As I mentioned in the comment, you will likely not find a reference because the result is folklore. Fix an arbitrary field $(\mathbb{F}, +, \cdot)$ and consider a function $f$ which can be computed by a boolean circuit of size polynomial in its input size, say, over the standard basis $\{\mathsf{XOR}, \mathsf{AND}, \mathsf{NOT}\}$. To emulate the computation over $\mathbb{F}$, encode the bit $0$ as $0_\mathbb{F}$ (the neutral for addition in $\mathbb{F}$) and the bit $1$ as $1_\mathbb{F}$ (the neutral for multiplication). The boolean gates can be emulated as follows:

• To compute an $\mathsf{AND}$ gate on input $(x,y)$, return $x \cdot y$
• To compute an $\mathsf{XOR}$ gate on input $(x,y)$, return $x + y - 2\cdot x\cdot y$
• To compute a $\mathsf{NOT}$ gate on input $x$, return $1_\mathbb{F}-x$.

I'll let you check that this correctly emulates the boolean operations. Since emulating each boolean gate requires at most 4 arithmetic operations, the arithmetic circuit emulating the boolean circuit over $\mathbb{F}$ is of polynomial size as long as the boolean circuit is polynomial size.
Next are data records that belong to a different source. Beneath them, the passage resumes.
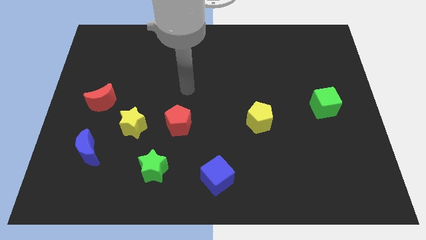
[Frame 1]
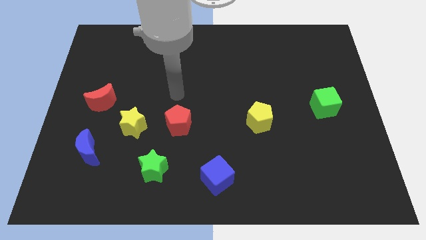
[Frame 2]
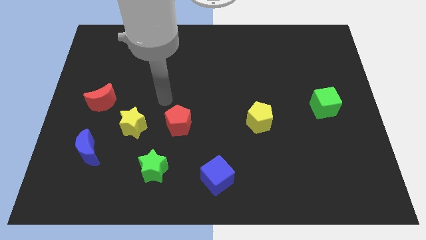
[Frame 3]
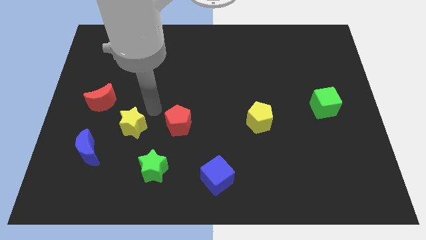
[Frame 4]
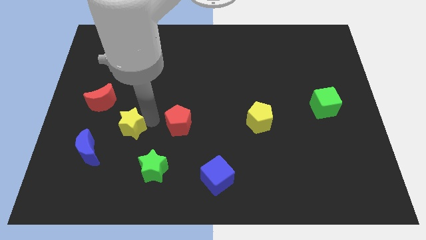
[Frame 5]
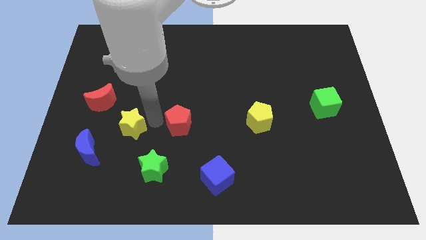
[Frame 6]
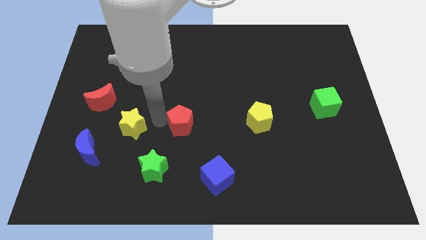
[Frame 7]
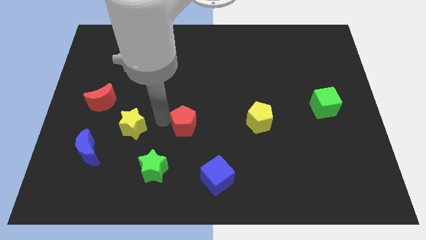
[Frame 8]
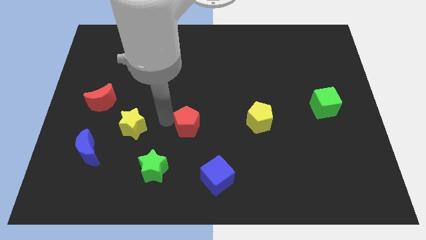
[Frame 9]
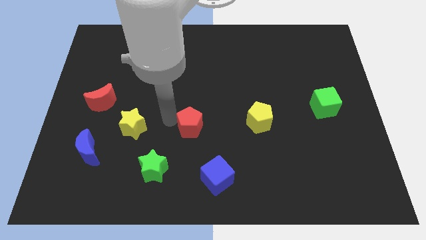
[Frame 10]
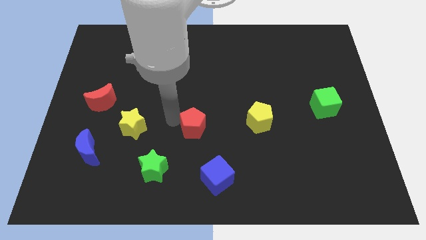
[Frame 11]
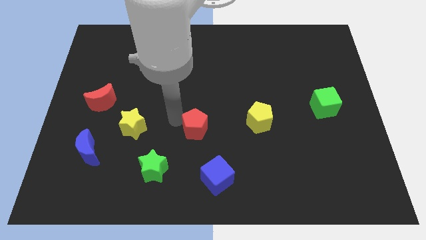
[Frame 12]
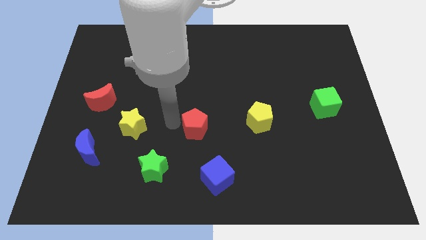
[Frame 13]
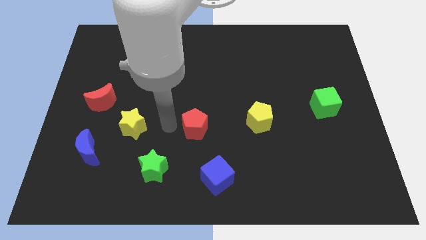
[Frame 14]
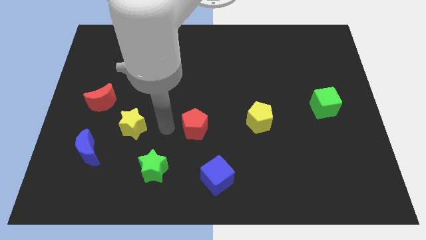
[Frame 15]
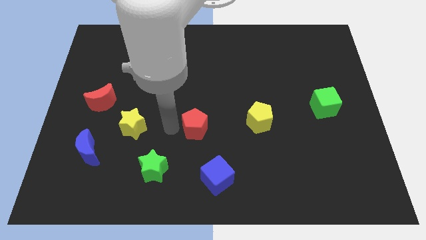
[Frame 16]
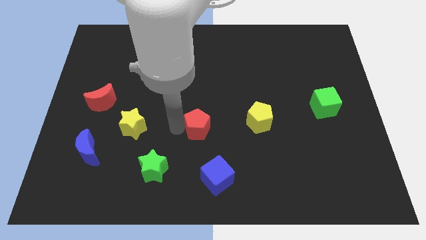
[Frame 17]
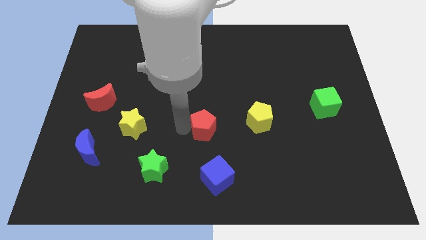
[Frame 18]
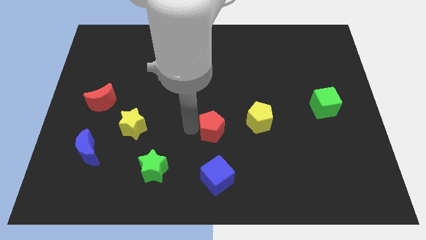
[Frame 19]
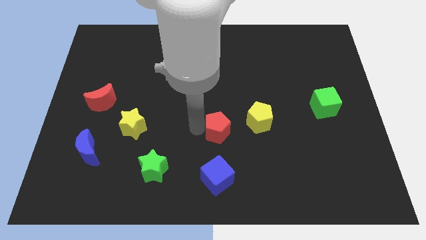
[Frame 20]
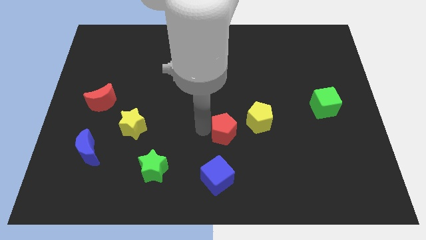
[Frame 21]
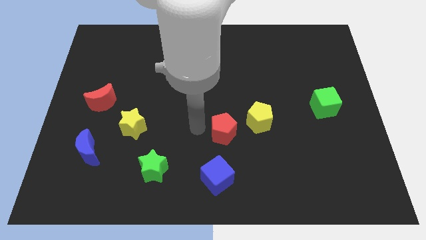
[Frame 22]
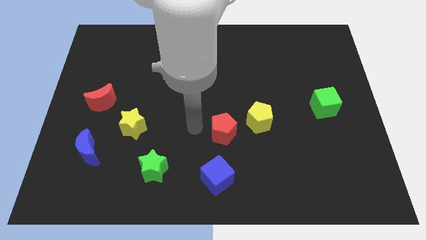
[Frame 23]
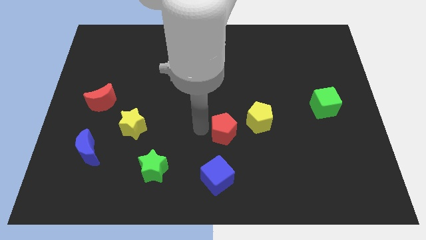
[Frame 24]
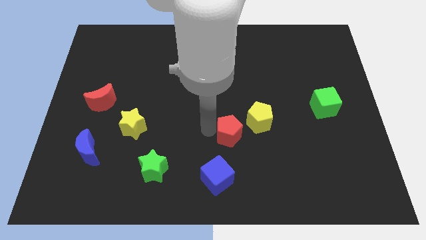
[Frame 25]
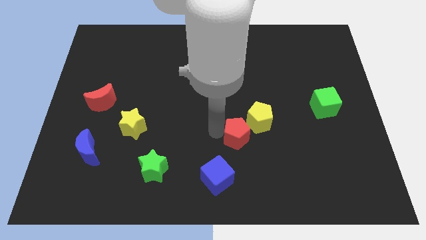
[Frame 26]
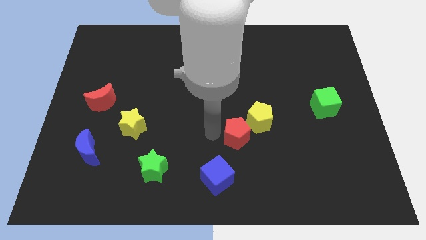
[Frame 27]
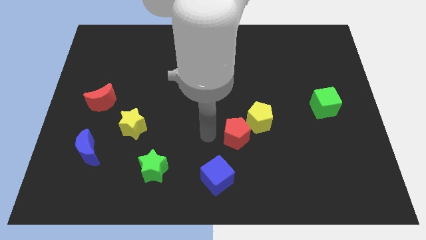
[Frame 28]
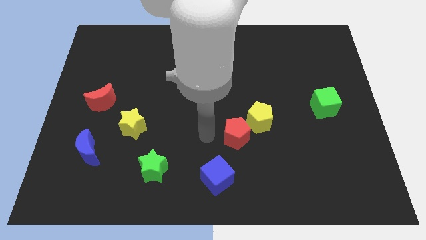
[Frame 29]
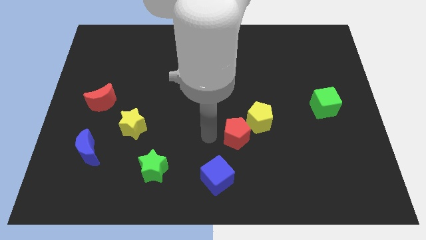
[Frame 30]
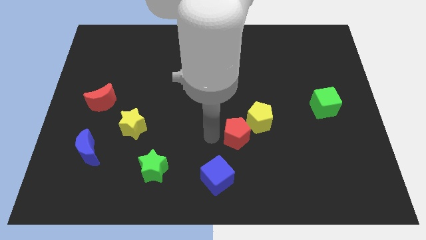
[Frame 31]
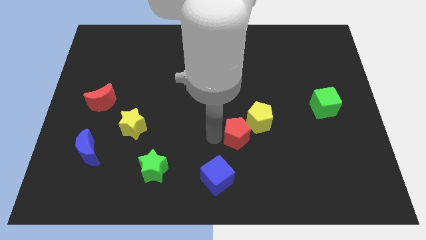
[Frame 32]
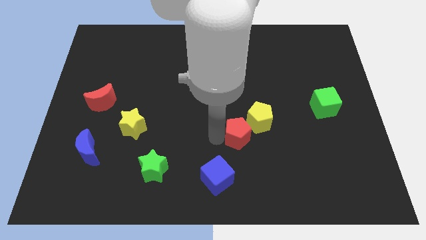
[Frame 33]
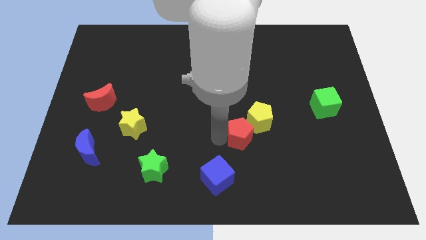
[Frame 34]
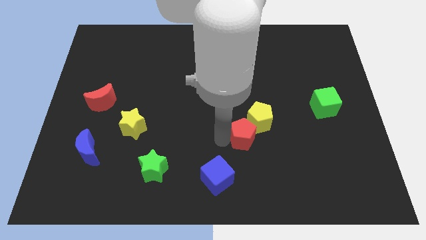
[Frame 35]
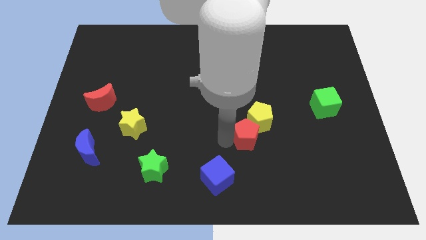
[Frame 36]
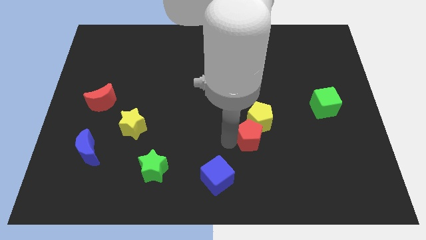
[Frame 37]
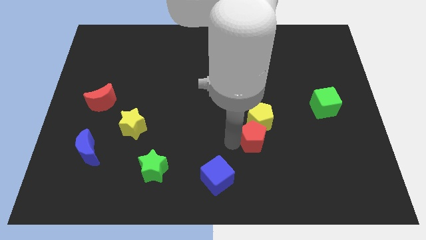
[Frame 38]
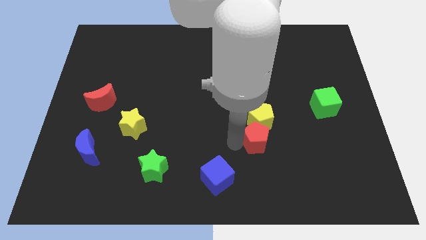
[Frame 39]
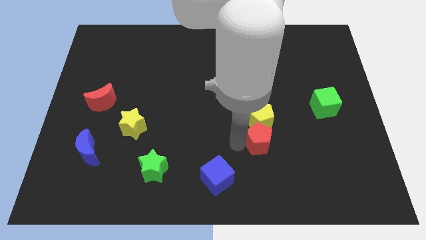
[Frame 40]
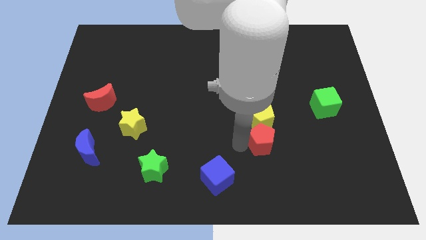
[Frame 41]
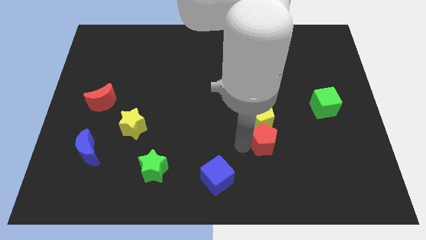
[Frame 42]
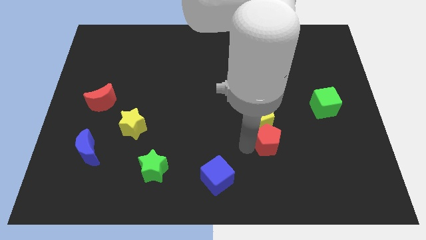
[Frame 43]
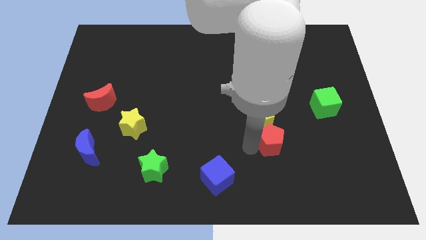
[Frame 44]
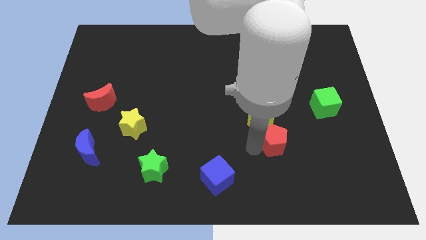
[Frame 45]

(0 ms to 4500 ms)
move the red pentagon right

The converse direction is trivial since a boolean circuit is just an arithmetic circuit over $\mathbb{F}_2$.

For the sake of generality, I'll add that you can generally emulate field operations over an arbitrary field $\mathbb{F}$ using boolean circuit; indeed, this is what your computer is doing every day: fix a field $\mathbb{F}$, and consider the binary decomposition of any element $x$ of $\mathbb{F}$: $x = \sum_{i=0}^{\lceil \log |\mathbb{F}| \rceil-1} b_i \cdot 2^i$, with $b_i \in \{0_\mathbb{F}, 1_\mathbb{F}\}$.
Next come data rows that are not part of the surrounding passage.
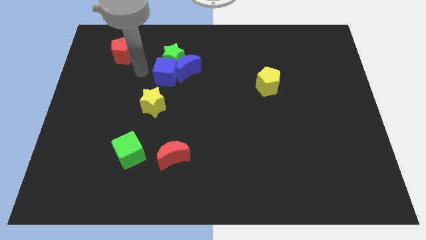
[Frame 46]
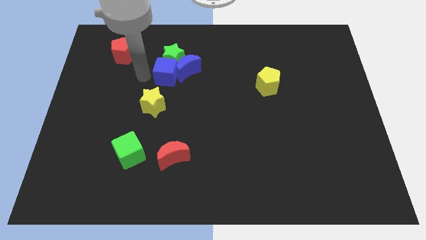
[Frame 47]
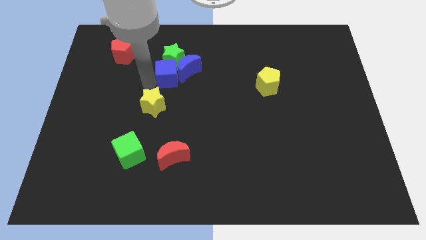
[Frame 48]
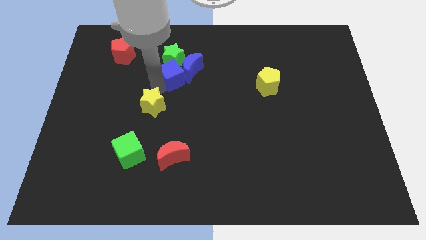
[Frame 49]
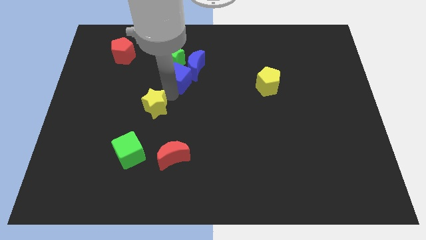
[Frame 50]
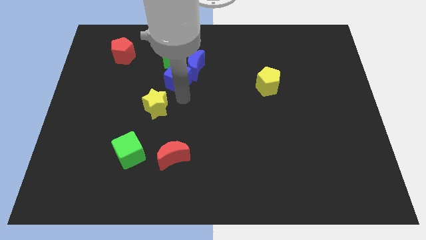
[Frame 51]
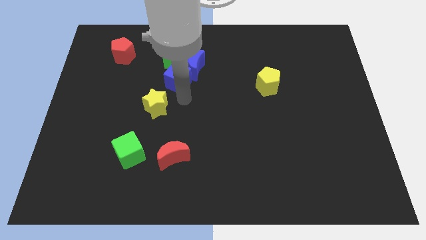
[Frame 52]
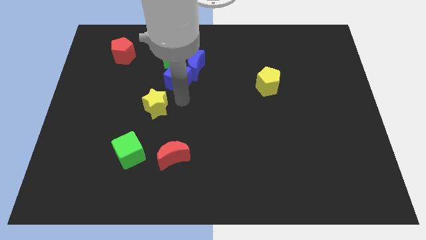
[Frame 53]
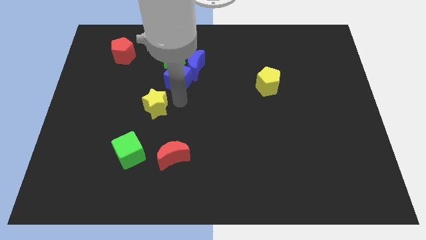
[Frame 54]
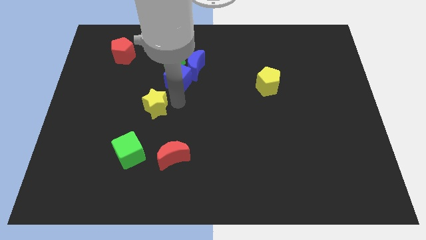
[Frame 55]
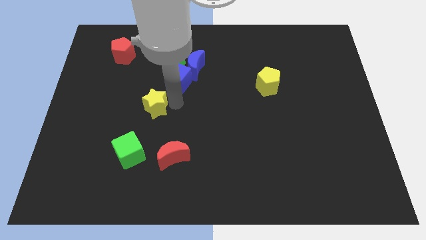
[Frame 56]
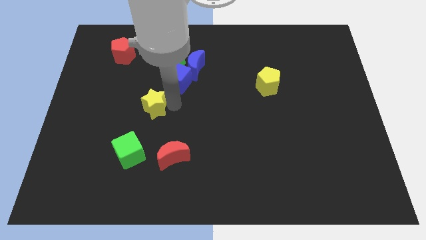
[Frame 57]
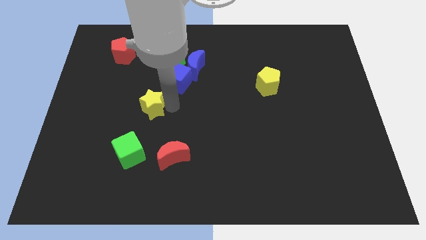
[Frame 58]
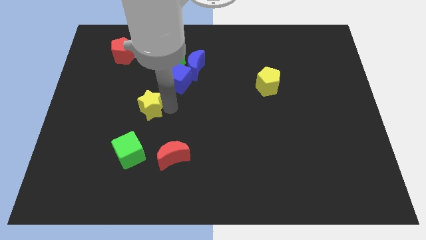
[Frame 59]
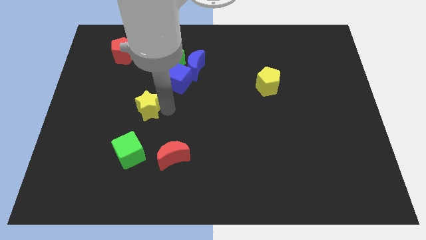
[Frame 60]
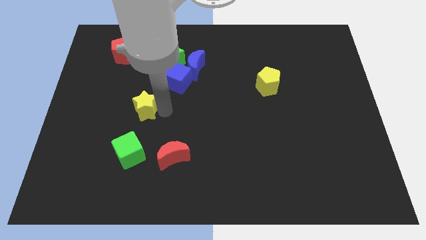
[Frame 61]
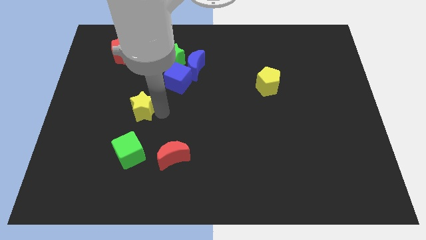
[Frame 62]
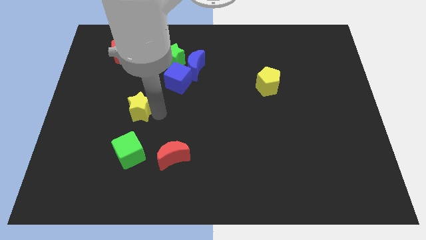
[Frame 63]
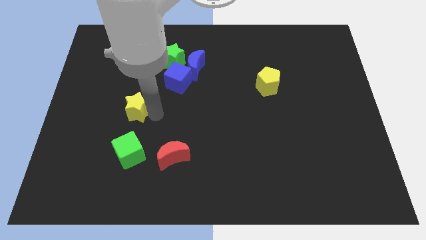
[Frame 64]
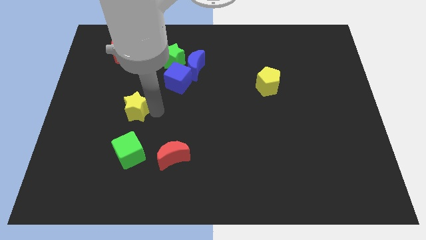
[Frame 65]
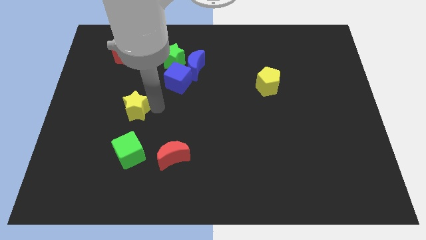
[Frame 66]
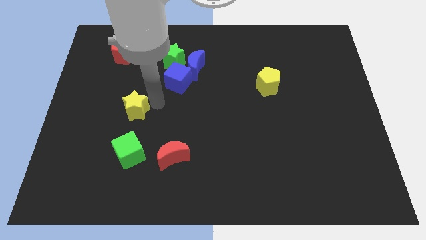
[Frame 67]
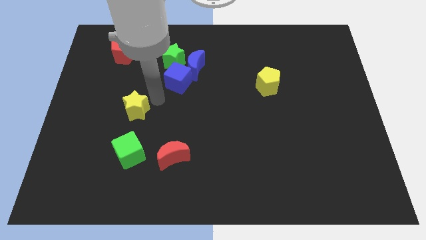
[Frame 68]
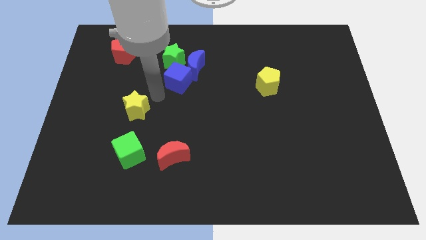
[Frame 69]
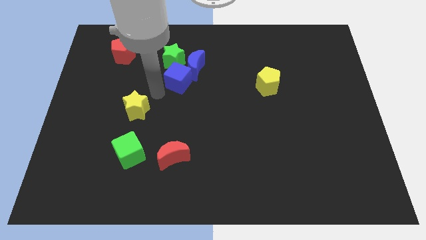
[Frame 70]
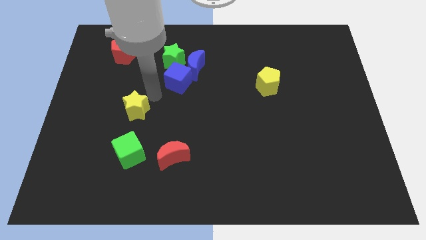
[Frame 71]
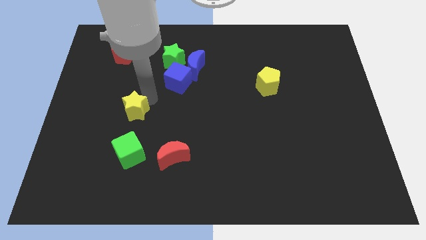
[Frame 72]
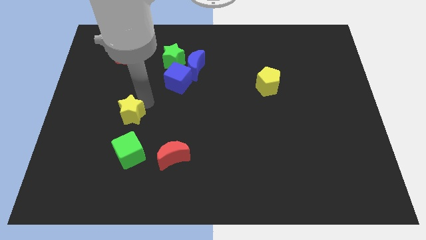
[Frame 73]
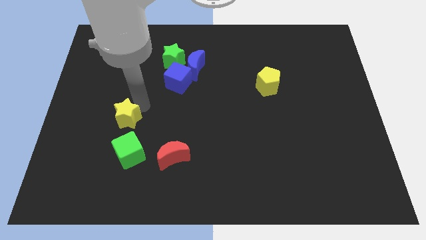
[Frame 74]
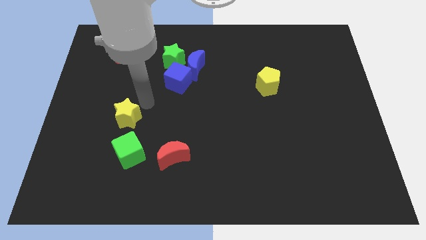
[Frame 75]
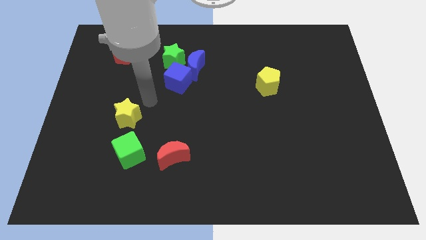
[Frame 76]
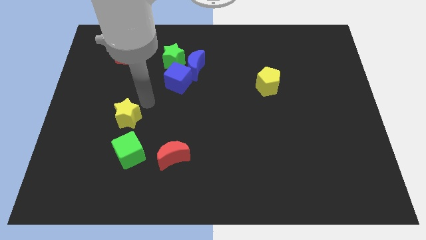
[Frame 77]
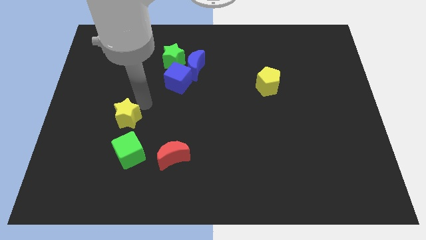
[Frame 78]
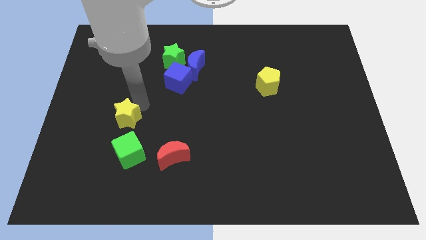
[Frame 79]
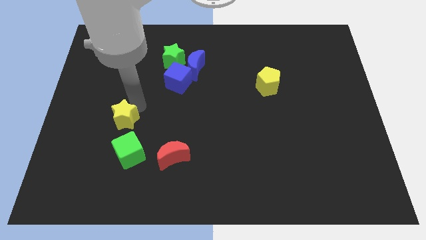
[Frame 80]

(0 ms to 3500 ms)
slightly slide the yellow star down and then to the left

• To emulate addition over $\mathbb{F}$, use the schoolbook binary addition method, which only requires using $\mathsf{XOR}$ and $\mathsf{AND}$ gates, by observing that $\mathsf{XOR}$ gives you the $i$-th value, while $\mathsf{AND}$ gives you the $i$-th carry.
• To emulate a multiplication over $\mathbb{F}$, use the textbook multiplication algorithm, which relies only on $\mathsf{AND}$ gates plus field additions, which we already showed can be emulated.

Overall, the size increase is dominated by the $O(\log^2 |\mathbb{F}|)$ cost for the schoolbook binary multiplication.